According to James Townsend's grandson, James Layman, they included Luke, Hetty, Amy, Tom, Sibley, and others. Layman told historian Jesse Weik that Sibley was the oldest of those who removed to Indiana and that she continued pipe smoking until after the age of 90, recalling her doing so during visits to the residence of his grandmother — James Townsend's wife — Katherine Townsend. She was probably the mother of Luke Townsend.

=====Luke Townsend=====
Luke Townsend – who was the au pair for James Townsend's daughter, Mary, prior to his emancipation – established the first Sunday School in Putnam County and is credited as the founder of the congregation that eventually became Bethel African Methodist Episcopal Church in Greencastle, Indiana, at one time the largest Black church in Indiana. According to a 1942 article in The Daily Banner of Greencastle, Luke Townsend was after death remembered as "one of the best citizens the county has had."

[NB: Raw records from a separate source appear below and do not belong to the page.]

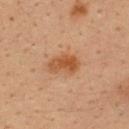Clinical impression: Captured during whole-body skin photography for melanoma surveillance; the lesion was not biopsied. Background: A male patient, aged approximately 35. The tile uses cross-polarized illumination. An algorithmic analysis of the crop reported a shape eccentricity near 0.85 and a symmetry-axis asymmetry near 0.25. It also reported an average lesion color of about L≈48 a*≈22 b*≈35 (CIELAB), about 10 CIELAB-L* units darker than the surrounding skin, and a normalized border contrast of about 8. The software also gave internal color variation of about 3.5 on a 0–10 scale. The analysis additionally found a classifier nevus-likeness of about 85/100 and a detector confidence of about 100 out of 100 that the crop contains a lesion. From the upper back. Longest diameter approximately 4 mm. A close-up tile cropped from a whole-body skin photograph, about 15 mm across.
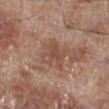workup: catalogued during a skin exam; not biopsied
subject: male, aged 68 to 72
imaging modality: ~15 mm crop, total-body skin-cancer survey
site: the right lower leg
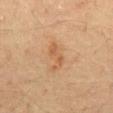biopsy_status: not biopsied; imaged during a skin examination
lighting: cross-polarized
patient:
  sex: male
  age_approx: 60
image:
  source: total-body photography crop
  field_of_view_mm: 15
site: abdomen
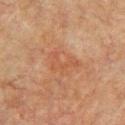Case summary:
* follow-up · imaged on a skin check; not biopsied
* image · ~15 mm crop, total-body skin-cancer survey
* TBP lesion metrics · a mean CIELAB color near L≈44 a*≈21 b*≈30, a lesion–skin lightness drop of about 5, and a lesion-to-skin contrast of about 4.5 (normalized; higher = more distinct)
* subject · male, approximately 75 years of age
* illumination · cross-polarized illumination
* body site · the left upper arm
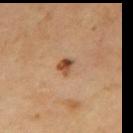lighting: cross-polarized illumination | anatomic site: the upper back | subject: male, roughly 70 years of age | image: ~15 mm tile from a whole-body skin photo | diameter: ≈2 mm.
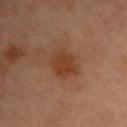{"biopsy_status": "not biopsied; imaged during a skin examination", "automated_metrics": {"area_mm2_approx": 9.0, "eccentricity": 0.65, "shape_asymmetry": 0.2, "cielab_L": 32, "cielab_a": 18, "cielab_b": 27, "vs_skin_darker_L": 6.0, "border_irregularity_0_10": 2.0, "color_variation_0_10": 2.5, "peripheral_color_asymmetry": 1.0, "nevus_likeness_0_100": 65, "lesion_detection_confidence_0_100": 100}, "lighting": "cross-polarized", "site": "chest", "patient": {"sex": "female", "age_approx": 55}, "image": {"source": "total-body photography crop", "field_of_view_mm": 15}, "lesion_size": {"long_diameter_mm_approx": 4.0}}
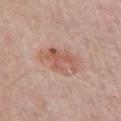{"biopsy_status": "not biopsied; imaged during a skin examination", "lesion_size": {"long_diameter_mm_approx": 5.0}, "lighting": "white-light", "patient": {"sex": "male", "age_approx": 65}, "image": {"source": "total-body photography crop", "field_of_view_mm": 15}, "site": "front of the torso", "automated_metrics": {"area_mm2_approx": 13.0, "eccentricity": 0.75, "cielab_L": 58, "cielab_a": 22, "cielab_b": 27, "vs_skin_darker_L": 9.0, "vs_skin_contrast_norm": 6.5, "nevus_likeness_0_100": 85, "lesion_detection_confidence_0_100": 100}}
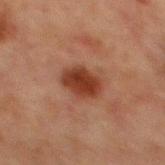workup = total-body-photography surveillance lesion; no biopsy | subject = male, approximately 65 years of age | site = the chest | acquisition = ~15 mm crop, total-body skin-cancer survey.
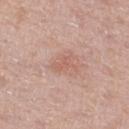The lesion was photographed on a routine skin check and not biopsied; there is no pathology result.
On the right thigh.
A female patient aged 58 to 62.
Cropped from a total-body skin-imaging series; the visible field is about 15 mm.
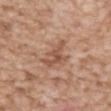No biopsy was performed on this lesion — it was imaged during a full skin examination and was not determined to be concerning. Longest diameter approximately 4 mm. Cropped from a whole-body photographic skin survey; the tile spans about 15 mm. A male subject roughly 60 years of age. On the chest.
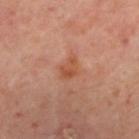• follow-up · catalogued during a skin exam; not biopsied
• patient · aged around 55
• automated metrics · a lesion color around L≈51 a*≈26 b*≈34 in CIELAB, roughly 8 lightness units darker than nearby skin, and a lesion-to-skin contrast of about 7 (normalized; higher = more distinct); a border-irregularity rating of about 2/10 and a within-lesion color-variation index near 3.5/10; a nevus-likeness score of about 5/100 and a detector confidence of about 100 out of 100 that the crop contains a lesion
• acquisition · 15 mm crop, total-body photography
• anatomic site · the upper back
• size · ~2.5 mm (longest diameter)
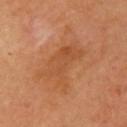Part of a total-body skin-imaging series; this lesion was reviewed on a skin check and was not flagged for biopsy.
Located on the left upper arm.
Cropped from a total-body skin-imaging series; the visible field is about 15 mm.
A female subject, aged around 60.
This is a cross-polarized tile.
The recorded lesion diameter is about 6 mm.
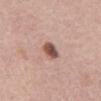biopsy status = catalogued during a skin exam; not biopsied | lesion diameter = ~2.5 mm (longest diameter) | subject = female, in their 60s | lighting = white-light illumination | image source = 15 mm crop, total-body photography | automated lesion analysis = a lesion color around L≈51 a*≈21 b*≈25 in CIELAB and about 16 CIELAB-L* units darker than the surrounding skin; border irregularity of about 2.5 on a 0–10 scale | site = the front of the torso.
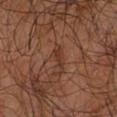Acquisition and patient details:
A male subject, about 65 years old. On the arm. The lesion-visualizer software estimated a lesion area of about 3 mm², an eccentricity of roughly 0.95, and a shape-asymmetry score of about 0.55 (0 = symmetric). And it measured border irregularity of about 6.5 on a 0–10 scale, internal color variation of about 0.5 on a 0–10 scale, and radial color variation of about 0. This image is a 15 mm lesion crop taken from a total-body photograph. Measured at roughly 3 mm in maximum diameter.
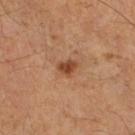– notes: imaged on a skin check; not biopsied
– TBP lesion metrics: an outline eccentricity of about 0.65 (0 = round, 1 = elongated) and a shape-asymmetry score of about 0.3 (0 = symmetric); a classifier nevus-likeness of about 85/100
– size: about 2.5 mm
– anatomic site: the right lower leg
– patient: male, aged around 55
– image: total-body-photography crop, ~15 mm field of view
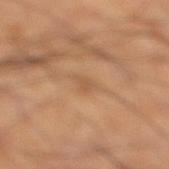Imaged during a routine full-body skin examination; the lesion was not biopsied and no histopathology is available.
Located on the right lower leg.
A roughly 15 mm field-of-view crop from a total-body skin photograph.
A male patient, aged approximately 60.
The tile uses cross-polarized illumination.
Approximately 2.5 mm at its widest.
The lesion-visualizer software estimated a footprint of about 3 mm², an eccentricity of roughly 0.75, and two-axis asymmetry of about 0.35. It also reported a nevus-likeness score of about 0/100 and lesion-presence confidence of about 100/100.
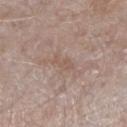Notes:
- patient — male, aged approximately 45
- acquisition — ~15 mm crop, total-body skin-cancer survey
- location — the leg
- illumination — white-light illumination
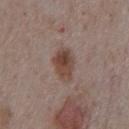Captured during whole-body skin photography for melanoma surveillance; the lesion was not biopsied.
Imaged with white-light lighting.
This image is a 15 mm lesion crop taken from a total-body photograph.
The total-body-photography lesion software estimated an area of roughly 9 mm², an eccentricity of roughly 0.75, and a shape-asymmetry score of about 0.25 (0 = symmetric). And it measured an automated nevus-likeness rating near 95 out of 100 and a lesion-detection confidence of about 100/100.
The patient is a male roughly 75 years of age.
About 4 mm across.
The lesion is on the chest.
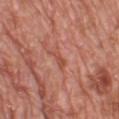Notes:
- follow-up — total-body-photography surveillance lesion; no biopsy
- imaging modality — ~15 mm crop, total-body skin-cancer survey
- subject — male, aged 78–82
- tile lighting — white-light illumination
- TBP lesion metrics — a footprint of about 2.5 mm², a shape eccentricity near 0.9, and a shape-asymmetry score of about 0.3 (0 = symmetric); a mean CIELAB color near L≈51 a*≈29 b*≈31; a lesion-detection confidence of about 90/100
- body site — the left lower leg
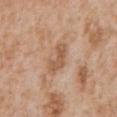| key | value |
|---|---|
| patient | male, about 65 years old |
| size | about 4 mm |
| site | the chest |
| image | total-body-photography crop, ~15 mm field of view |
| illumination | white-light |
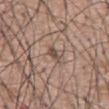Q: Was this lesion biopsied?
A: imaged on a skin check; not biopsied
Q: Where on the body is the lesion?
A: the abdomen
Q: How was this image acquired?
A: ~15 mm crop, total-body skin-cancer survey
Q: How large is the lesion?
A: about 2.5 mm
Q: Patient demographics?
A: male, aged around 60
Q: How was the tile lit?
A: white-light illumination
Q: Automated lesion metrics?
A: a mean CIELAB color near L≈49 a*≈16 b*≈23, roughly 11 lightness units darker than nearby skin, and a normalized lesion–skin contrast near 8; a border-irregularity index near 3.5/10, internal color variation of about 0 on a 0–10 scale, and peripheral color asymmetry of about 0; a detector confidence of about 90 out of 100 that the crop contains a lesion
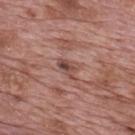{"site": "mid back", "image": {"source": "total-body photography crop", "field_of_view_mm": 15}, "patient": {"sex": "male", "age_approx": 70}}
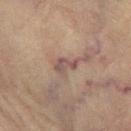Q: Lesion location?
A: the left thigh
Q: Patient demographics?
A: female, about 80 years old
Q: What kind of image is this?
A: ~15 mm crop, total-body skin-cancer survey
Q: Automated lesion metrics?
A: a lesion color around L≈43 a*≈15 b*≈19 in CIELAB, roughly 7 lightness units darker than nearby skin, and a normalized lesion–skin contrast near 6.5
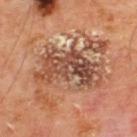Q: Was a biopsy performed?
A: catalogued during a skin exam; not biopsied
Q: Lesion location?
A: the upper back
Q: What lighting was used for the tile?
A: cross-polarized illumination
Q: What is the lesion's diameter?
A: ~8 mm (longest diameter)
Q: Patient demographics?
A: male, in their mid-60s
Q: What kind of image is this?
A: ~15 mm crop, total-body skin-cancer survey
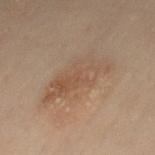Context:
A male subject aged approximately 50. Approximately 7 mm at its widest. The tile uses cross-polarized illumination. Cropped from a total-body skin-imaging series; the visible field is about 15 mm. The lesion is on the mid back.
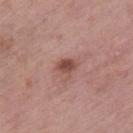Notes:
• follow-up · catalogued during a skin exam; not biopsied
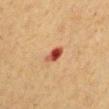Findings:
- follow-up: no biopsy performed (imaged during a skin exam)
- size: about 2.5 mm
- subject: male, about 55 years old
- anatomic site: the left arm
- automated lesion analysis: a lesion area of about 3.5 mm², an eccentricity of roughly 0.8, and a shape-asymmetry score of about 0.25 (0 = symmetric); a mean CIELAB color near L≈45 a*≈30 b*≈32, a lesion–skin lightness drop of about 16, and a lesion-to-skin contrast of about 11.5 (normalized; higher = more distinct); a within-lesion color-variation index near 6.5/10 and a peripheral color-asymmetry measure near 2.5
- imaging modality: total-body-photography crop, ~15 mm field of view
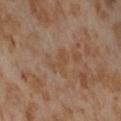anatomic site — the front of the torso | TBP lesion metrics — a lesion area of about 3.5 mm², a shape eccentricity near 0.85, and a symmetry-axis asymmetry near 0.35; a lesion color around L≈48 a*≈17 b*≈31 in CIELAB, roughly 5 lightness units darker than nearby skin, and a normalized border contrast of about 5 | imaging modality — ~15 mm crop, total-body skin-cancer survey | lighting — cross-polarized illumination | patient — female, aged 53 to 57.
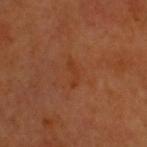image = total-body-photography crop, ~15 mm field of view | illumination = cross-polarized illumination | automated metrics = border irregularity of about 4 on a 0–10 scale, internal color variation of about 0 on a 0–10 scale, and a peripheral color-asymmetry measure near 0; a nevus-likeness score of about 0/100 and a detector confidence of about 100 out of 100 that the crop contains a lesion | size = ~3.5 mm (longest diameter) | location = the head or neck | subject = male, aged around 60.
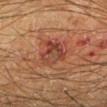Impression:
Recorded during total-body skin imaging; not selected for excision or biopsy.
Context:
On the left lower leg. Longest diameter approximately 4 mm. Cropped from a whole-body photographic skin survey; the tile spans about 15 mm. Imaged with cross-polarized lighting. A male patient aged approximately 65. Automated image analysis of the tile measured a footprint of about 9 mm², a shape eccentricity near 0.6, and two-axis asymmetry of about 0.4. And it measured a mean CIELAB color near L≈35 a*≈22 b*≈25. The software also gave a border-irregularity rating of about 4/10, a within-lesion color-variation index near 6/10, and radial color variation of about 2. The analysis additionally found a classifier nevus-likeness of about 0/100 and lesion-presence confidence of about 100/100.
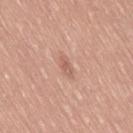Captured during whole-body skin photography for melanoma surveillance; the lesion was not biopsied. The total-body-photography lesion software estimated an area of roughly 3 mm², an outline eccentricity of about 0.9 (0 = round, 1 = elongated), and two-axis asymmetry of about 0.25. The software also gave a border-irregularity rating of about 3/10, a within-lesion color-variation index near 0/10, and peripheral color asymmetry of about 0. A male subject, approximately 60 years of age. A close-up tile cropped from a whole-body skin photograph, about 15 mm across. The lesion is on the lower back.

Luke Townsend had five children. One son, Robert Townsend, served in the 28th United States Colored Infantry Regiment during the American Civil War. Another son was among the witnesses who, in the late 1800s, testified against a man arrested for harassing Black youths playing in a field in Putnam County in what became the first case of a white citizen being criminally convicted on the basis of the testimony of a Black citizen in Putnam County. Luke Townsend's son Jay, who was still alive as of 1933, established a reputation as one of "Greencastle's most respected citizens".

====White Townsends====
Among James Townsend's children was John Selby Townsend, who later sat in the Iowa General Assembly and served as county attorney of Monroe County, Iowa. James Townsend's grandson, James Robert Townsend, was the first United States man to complete teacher training under the tutelage of Maria Montessori. Another grandson, James Layman, sat in the Indiana State Senate.

==Geography==
Putnamville is located along U.S. Route 40 at the intersection of State Road 243.

==Demographics==
The United States Census Bureau defined Putnamville as a census designated place in the 2022 American Community Survey.